You noted my scientific instrumentalism, but I think your interpretation of it reminds why I hate taking on any “isms”. People always project commitments on me I’m not comfortable with. My instrumentalism doesn’t prevent me from having theories about reality, and one of those theories is that mathematics is founded on relations we observe or have innately evolved to know about in the world. That’s all I really need to explain the “unreasonable effectiveness” of mathematics.
So yes, we create mathematics, including algorithms, but our creations, if they’re going to be useful, are constrained by empirical reality.
January 10th, 2020 at 8:30 am
Let me ask you a question I should have asked up front: What is your definition of an algorithm?
January 10th, 2020 at 9:48 am
I’m fine with the standard definitions, such as an ordered procedure for accomplishing a task.
January 10th, 2020 at 11:11 am
Okay, great! And that includes the notion of an instruction set and an engine capable of reading, understanding, and performing, that instruction set, I assume? (Whether that be a recipe and a chef or a set of 808x code and an Intel chip.)
Other than DNA/RNA, which is literally code patterns being expressed into objects — a good analogy might be those early programmable looms — do you see anything else in nature that clearly uses this pattern?
(To be specific, of a set of code and something that reads, understands, and performs, that code.)
January 10th, 2020 at 1:09 pm
I think your stipulations narrow the scope to a specific type of algorithm. But in my mind, it really doesn’t matter. I’ll accept them. What’s important is whether an algorithm is possible that is functionally equivalent to a particular system.

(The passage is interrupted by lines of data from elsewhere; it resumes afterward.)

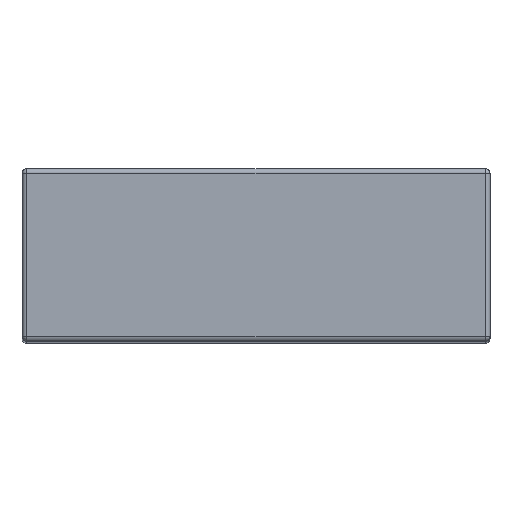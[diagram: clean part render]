
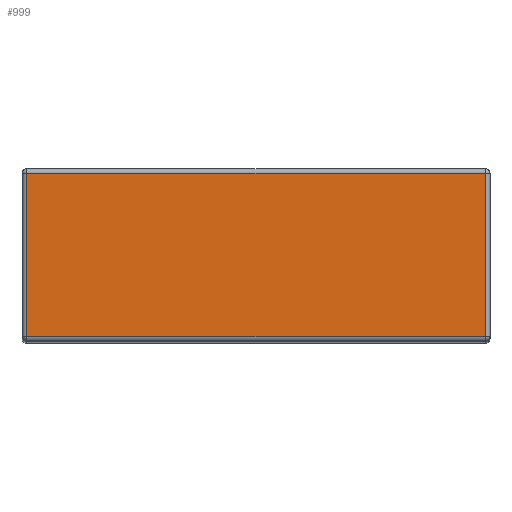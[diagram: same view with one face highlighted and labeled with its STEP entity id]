
A CAD part, top view. The second image highlights one B-rep face of the part: STEP entity #999.
In plain terms, the highlighted planar face has unit normal (0, 0, 1).
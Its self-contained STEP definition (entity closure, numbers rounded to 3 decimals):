
#558=CARTESIAN_POINT('',(-73.,53.5,199.));
#559=VERTEX_POINT('',#558);
#617=CARTESIAN_POINT('',(73.0,53.5,199.));
#618=VERTEX_POINT('',#617);
#692=CARTESIAN_POINT('',(-73.0,1.5,199.));
#693=VERTEX_POINT('',#692);
#718=CARTESIAN_POINT('',(73.0,1.5,199.));
#719=VERTEX_POINT('',#718);
#752=CARTESIAN_POINT('',(73.0,1.5,199.));
#753=DIRECTION('',(-1.0,0.0,0.0));
#754=VECTOR('',#753,146.0);
#755=LINE('',#752,#754);
#756=EDGE_CURVE('',#719,#693,#755,.T.);
#791=CARTESIAN_POINT('',(73.0,53.5,199.));
#792=DIRECTION('',(0.0,-1.0,0.0));
#793=VECTOR('',#792,52.);
#794=LINE('',#791,#793);
#795=EDGE_CURVE('',#618,#719,#794,.T.);
#830=CARTESIAN_POINT('',(-73.0,1.5,199.));
#831=DIRECTION('',(0.0,1.0,0.0));
#832=VECTOR('',#831,52.);
#833=LINE('',#830,#832);
#834=EDGE_CURVE('',#693,#559,#833,.T.);
#913=CARTESIAN_POINT('',(-73.,53.5,199.));
#914=DIRECTION('',(1.0,0.0,0.0));
#915=VECTOR('',#914,146.);
#916=LINE('',#913,#915);
#917=EDGE_CURVE('',#559,#618,#916,.T.);
#988=CARTESIAN_POINT('',(0.,27.5,199.));
#989=DIRECTION('',(0.0,0.0,1.0));
#990=DIRECTION('',(1.0,0.0,0.0));
#991=AXIS2_PLACEMENT_3D('',#988,#989,#990);
#992=PLANE('',#991);
#993=ORIENTED_EDGE('',*,*,#756,.F.);
#994=ORIENTED_EDGE('',*,*,#795,.F.);
#995=ORIENTED_EDGE('',*,*,#917,.F.);
#996=ORIENTED_EDGE('',*,*,#834,.F.);
#997=EDGE_LOOP('',(#993,#994,#995,#996));
#998=FACE_OUTER_BOUND('',#997,.T.);
#999=ADVANCED_FACE('',(#998),#992,.T.);
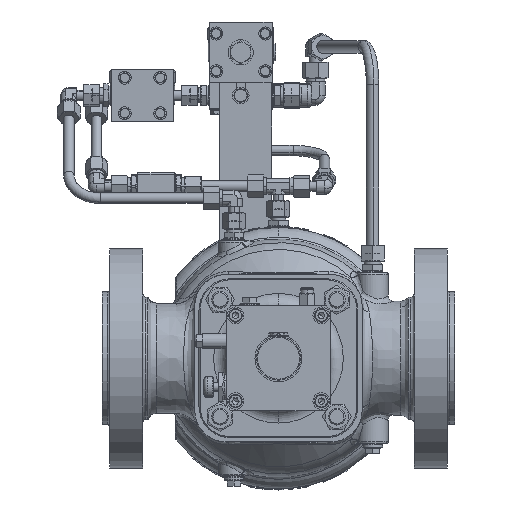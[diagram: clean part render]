
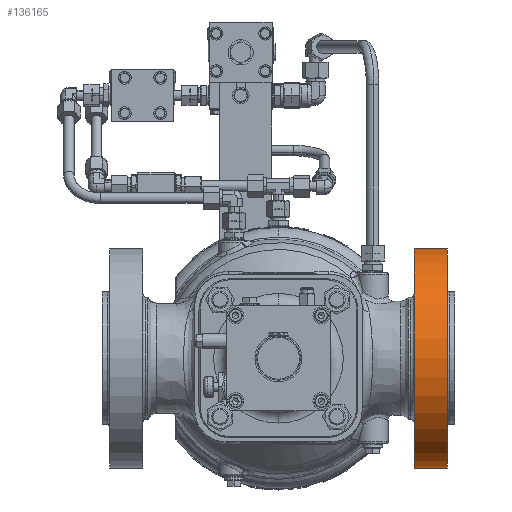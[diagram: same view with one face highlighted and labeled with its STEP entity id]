
A CAD part, front view. The second image highlights one B-rep face of the part: STEP entity #136165.
In plain terms, the highlighted cylindrical face has radius 105 mm (diameter 210 mm), a partial arc.
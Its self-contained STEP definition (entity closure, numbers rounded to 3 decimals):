
#25633 = FACE_OUTER_BOUND ( 'NONE', #116072, .T. ) ;
#27401 = AXIS2_PLACEMENT_3D ( 'NONE', #106258, #154263, #74125 ) ;
#34326 = CARTESIAN_POINT ( 'NONE',  ( 129.7, 7.075, 0. ) ) ;
#43184 = EDGE_CURVE ( 'Defeature ausgef�hrt1_624+Defeature ausgef�hrt1_618+Defeature ausgef�hrt1_618+Defeature ausgef�hrt1_618', #164284, #117614, #178417, .T. ) ;
#49215 = CARTESIAN_POINT ( 'NONE',  ( 129.7, 7.075, 105. ) ) ;
#51487 = DIRECTION ( 'NONE',  ( 0., 0., 1. ) ) ;
#55337 = ORIENTED_EDGE ( 'NONE', *, *, #56794, .T. ) ;
#56794 = EDGE_CURVE ( 'NONE', #164284, #87072, #139656, .T. ) ;
#57730 = CARTESIAN_POINT ( 'NONE',  ( 152.199, 7.075, -105. ) ) ;
#60206 = CYLINDRICAL_SURFACE ( 'NONE', #27401, 105. ) ;
#68683 = DIRECTION ( 'NONE',  ( -1., 0., 0. ) ) ;
#74125 = DIRECTION ( 'NONE',  ( 0., 0., 1. ) ) ;
#74197 = DIRECTION ( 'NONE',  ( 1., 0., 0. ) ) ;
#78718 = AXIS2_PLACEMENT_3D ( 'NONE', #138234, #170494, #137560 ) ;
#81268 = CARTESIAN_POINT ( 'NONE',  ( 129.7, 7.075, -105. ) ) ;
#85538 = CARTESIAN_POINT ( 'NONE',  ( 161.5, 7.075, -105. ) ) ;
#87072 = VERTEX_POINT ( 'NONE', #85538 ) ;
#89572 = LINE ( 'NONE', #187724, #104317 ) ;
#104317 = VECTOR ( 'NONE', #124545, 1000. ) ;
#106009 = CIRCLE ( 'NONE', #78718, 105. ) ;
#106258 = CARTESIAN_POINT ( 'NONE',  ( 152.199, 7.075, 0. ) ) ;
#116072 = EDGE_LOOP ( 'NONE', ( #122392, #55337, #118342, #192039 ) ) ;
#117614 = VERTEX_POINT ( 'NONE', #49215 ) ;
#118342 = ORIENTED_EDGE ( 'NONE', *, *, #172640, .T. ) ;
#122392 = ORIENTED_EDGE ( 'NONE', *, *, #43184, .F. ) ;
#124545 = DIRECTION ( 'NONE',  ( 1., 0., 0. ) ) ;
#130885 = EDGE_CURVE ( 'NONE', #117614, #153616, #89572, .T. ) ;
#136165 = ADVANCED_FACE ( 'Defeature ausgef�hrt1_618', ( #25633 ), #60206, .T. ) ;
#137560 = DIRECTION ( 'NONE',  ( 0., 0., 1. ) ) ;
#138234 = CARTESIAN_POINT ( 'NONE',  ( 161.5, 7.075, 0. ) ) ;
#138527 = CARTESIAN_POINT ( 'NONE',  ( 161.5, 7.075, 105. ) ) ;
#138820 = AXIS2_PLACEMENT_3D ( 'NONE', #34326, #68683, #51487 ) ;
#139656 = LINE ( 'NONE', #57730, #144591 ) ;
#144591 = VECTOR ( 'NONE', #74197, 1000. ) ;
#153616 = VERTEX_POINT ( 'NONE', #138527 ) ;
#154263 = DIRECTION ( 'NONE',  ( 1., 0., 0. ) ) ;
#164284 = VERTEX_POINT ( 'NONE', #81268 ) ;
#170494 = DIRECTION ( 'NONE',  ( -1., 0., 0. ) ) ;
#172640 = EDGE_CURVE ( 'Defeature ausgef�hrt1_618+Defeature ausgef�hrt1_619+Defeature ausgef�hrt1_619+Defeature ausgef�hrt1_619', #87072, #153616, #106009, .T. ) ;
#178417 = CIRCLE ( 'NONE', #138820, 105. ) ;
#187724 = CARTESIAN_POINT ( 'NONE',  ( 152.199, 7.075, 105. ) ) ;
#192039 = ORIENTED_EDGE ( 'NONE', *, *, #130885, .F. ) ;
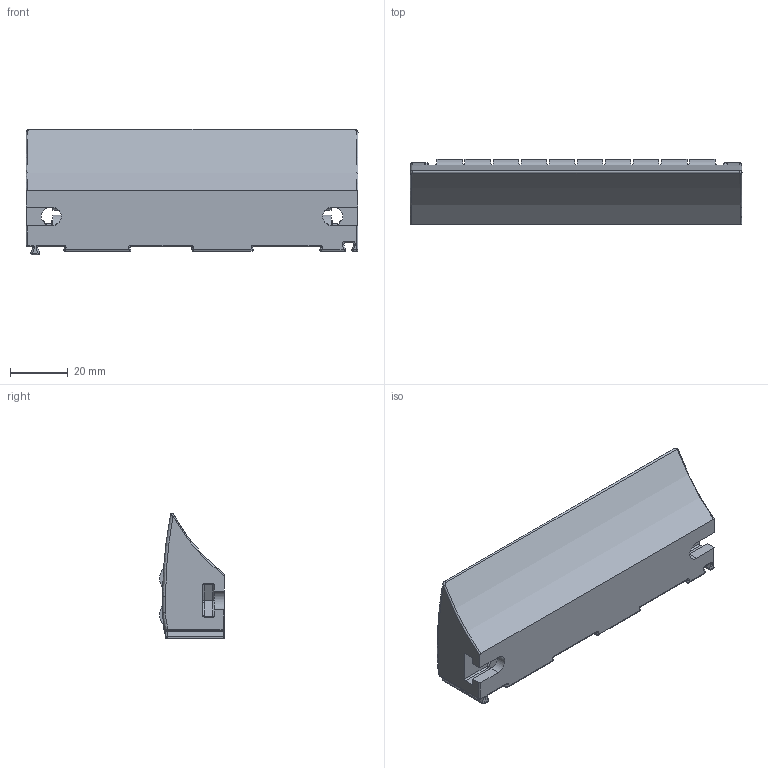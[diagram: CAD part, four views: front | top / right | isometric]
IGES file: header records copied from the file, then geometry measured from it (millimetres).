
Start section:  PTC IGES file: s0672-675592.igs
Global section: file name: s0672-675592.igs; native system: Pro/ENGINEER by Parametric Technology Corporation; preprocessor: 2005310; author: RCRU51; organization: Unknown; date: 080409.111434; units: millimetre
Bounding box: 115 x 22.5 x 43.56 mm (x, y, z)
Surface area: 30940.8 mm2 (no closed solid volume)
Topology: 0 solids, 0 shells, 401 faces, 1788 edges, 1788 vertices
Faces by surface type: revolution 282, bspline 119
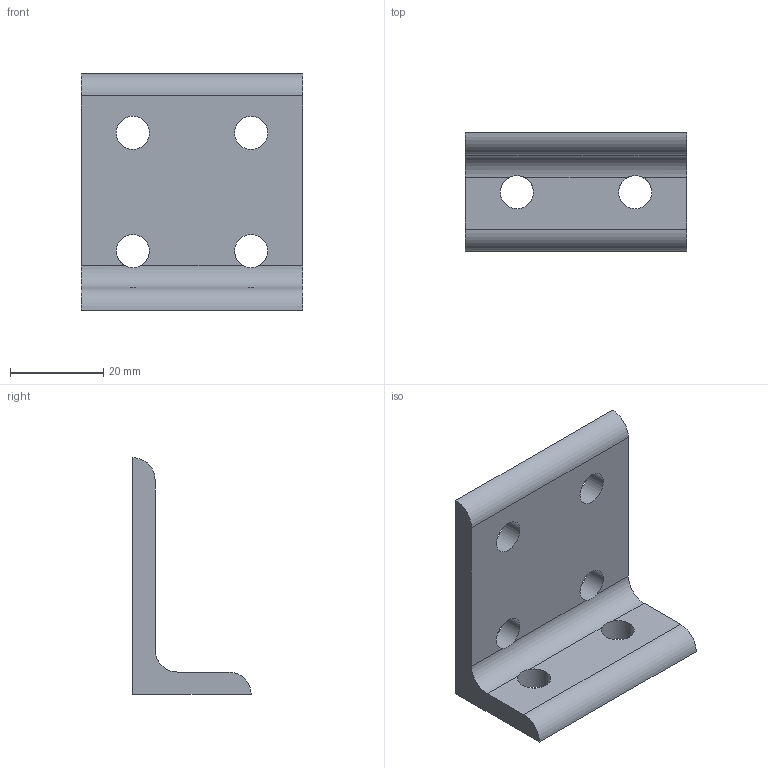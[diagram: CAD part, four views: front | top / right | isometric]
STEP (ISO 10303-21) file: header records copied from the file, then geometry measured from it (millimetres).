
FILE_DESCRIPTION((''),'2;1');
FILE_NAME('10CB4121.stp','2015-07-07T13:19:26',(''),(''),'Mechanical Desktop 2011','Mechanical Desktop 2011',', , ');
FILE_SCHEMA(('AUTOMOTIVE_DESIGN { 1 2 10303 214 1 1 1 1 }'));
Length unit declared in the file: inch
Products named in the file (1): Product
Bounding box: 47.62 x 25.4 x 50.8 mm (x, y, z)
Volume: 14872.1 mm3; surface area: 7801.1 mm2
Topology: 1 solids, 1 shells, 21 faces, 69 edges, 46 vertices
Faces by surface type: cylinder 15, plane 6
Entity records: 860 total; most frequent: CARTESIAN_POINT 157, DIRECTION 143, ORIENTED_EDGE 138, EDGE_CURVE 69, AXIS2_PLACEMENT_3D 56, VERTEX_POINT 46, CIRCLE 34, VECTOR 31
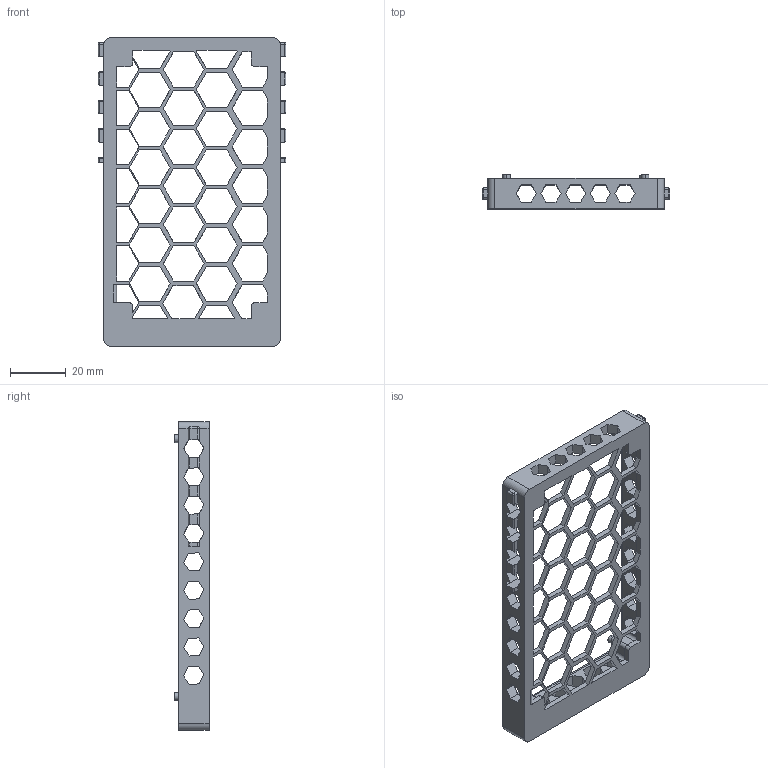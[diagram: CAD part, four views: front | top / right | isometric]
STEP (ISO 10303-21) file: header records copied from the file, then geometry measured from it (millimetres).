
FILE_DESCRIPTION (( 'STEP AP214' ), '1' );
FILE_NAME ('BitaxeCaseNoBrandingR2.STEP', '2025-01-06T19:29:34', ( '' ), ( '' ), 'SwSTEP 2.0', 'SolidWorks 2025', '' );
FILE_SCHEMA (( 'AUTOMOTIVE_DESIGN' ));
Length unit declared in the file: inch
Products named in the file (1): BitaxeCaseNoBrandingR2
Bounding box: 67.69 x 12.32 x 111.12 mm (x, y, z)
Volume: 15885.2 mm3; surface area: 16529 mm2
Topology: 1 solids, 1 shells, 602 faces, 1965 edges, 1302 vertices
Faces by surface type: plane 533, cylinder 65, sphere 4
Entity records: 21414 total; most frequent: CARTESIAN_POINT 4130, ORIENTED_EDGE 3922, DIRECTION 3169, EDGE_CURVE 1961, VECTOR 1783, LINE 1783, VERTEX_POINT 1302, AXIS2_PLACEMENT_3D 693
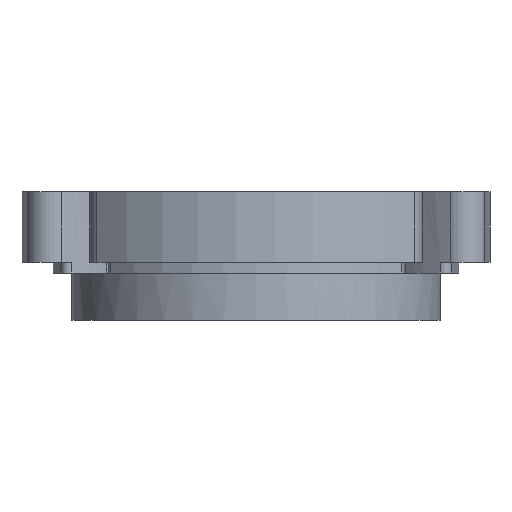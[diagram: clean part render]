
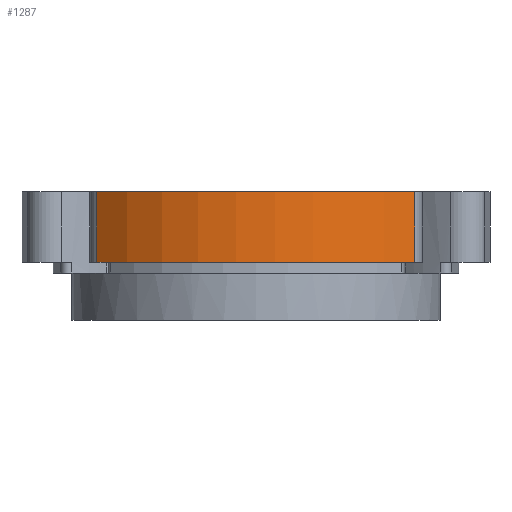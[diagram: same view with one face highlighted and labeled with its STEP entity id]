
A CAD part, left-side view. The second image highlights one B-rep face of the part: STEP entity #1287.
In plain terms, the highlighted cylindrical face has radius 22.225 mm (diameter 44.45 mm), a partial arc.
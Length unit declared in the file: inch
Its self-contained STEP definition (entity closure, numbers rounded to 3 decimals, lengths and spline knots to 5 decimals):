
#49=CYLINDRICAL_SURFACE('',#1501,0.875);
#114=LINE('',#2255,#181);
#129=LINE('',#2360,#196);
#181=VECTOR('',#1801,0.3937);
#196=VECTOR('',#1952,0.3937);
#256=FACE_OUTER_BOUND('',#333,.T.);
#333=EDGE_LOOP('',(#1143,#1144,#1145,#1146));
#423=CIRCLE('',#1417,0.875);
#442=CIRCLE('',#1445,0.875);
#575=VERTEX_POINT('',#2223);
#577=VERTEX_POINT('',#2226);
#585=VERTEX_POINT('',#2254);
#590=VERTEX_POINT('',#2275);
#727=EDGE_CURVE('',#577,#575,#423,.T.);
#742=EDGE_CURVE('',#577,#585,#114,.T.);
#754=EDGE_CURVE('',#585,#590,#442,.T.);
#802=EDGE_CURVE('',#590,#575,#129,.T.);
#1143=ORIENTED_EDGE('',*,*,#727,.T.);
#1144=ORIENTED_EDGE('',*,*,#802,.F.);
#1145=ORIENTED_EDGE('',*,*,#754,.F.);
#1146=ORIENTED_EDGE('',*,*,#742,.F.);
#1287=ADVANCED_FACE('',(#256),#49,.T.);
#1417=AXIS2_PLACEMENT_3D('',#2227,#1764,#1765);
#1445=AXIS2_PLACEMENT_3D('',#2276,#1828,#1829);
#1501=AXIS2_PLACEMENT_3D('',#2359,#1950,#1951);
#1764=DIRECTION('center_axis',(0.,0.,1.));
#1765=DIRECTION('ref_axis',(1.,0.,0.));
#1801=DIRECTION('',(0.,0.,1.));
#1828=DIRECTION('center_axis',(0.,0.,1.));
#1829=DIRECTION('ref_axis',(1.,0.,0.));
#1950=DIRECTION('center_axis',(0.,0.,-1.));
#1951=DIRECTION('ref_axis',(-1.,0.001,0.));
#1952=DIRECTION('',(0.,0.,-1.));
#2223=CARTESIAN_POINT('',(-0.644,-0.59236,1.03937));
#2226=CARTESIAN_POINT('',(-0.64259,0.59389,1.03937));
#2227=CARTESIAN_POINT('Origin',(0.,0.,1.03937));
#2254=CARTESIAN_POINT('',(-0.64259,0.59389,1.30441));
#2255=CARTESIAN_POINT('',(-0.64259,0.59389,1.22441));
#2275=CARTESIAN_POINT('',(-0.644,-0.59236,1.30441));
#2276=CARTESIAN_POINT('Origin',(0.,0.,1.30441));
#2359=CARTESIAN_POINT('Origin',(0.,0.,1.22441));
#2360=CARTESIAN_POINT('',(-0.644,-0.59236,1.22441));

January 10th, 2020 at 1:50 pm
What type of algorithms don’t follow those stipulations? I’m under the impression those are generic attributes.
January 10th, 2020 at 1:53 pm
(We’re on the same page in terms of modeling functionality. The point we’re debating is whether a natural system is an algorithm.)
January 10th, 2020 at 2:35 pm
Obviously I think what neural networks do is algorithmic.
Above, I allowed that algorithms, as human notation, are created by us, but they describe something a physical system does, either prescriptively or descriptively.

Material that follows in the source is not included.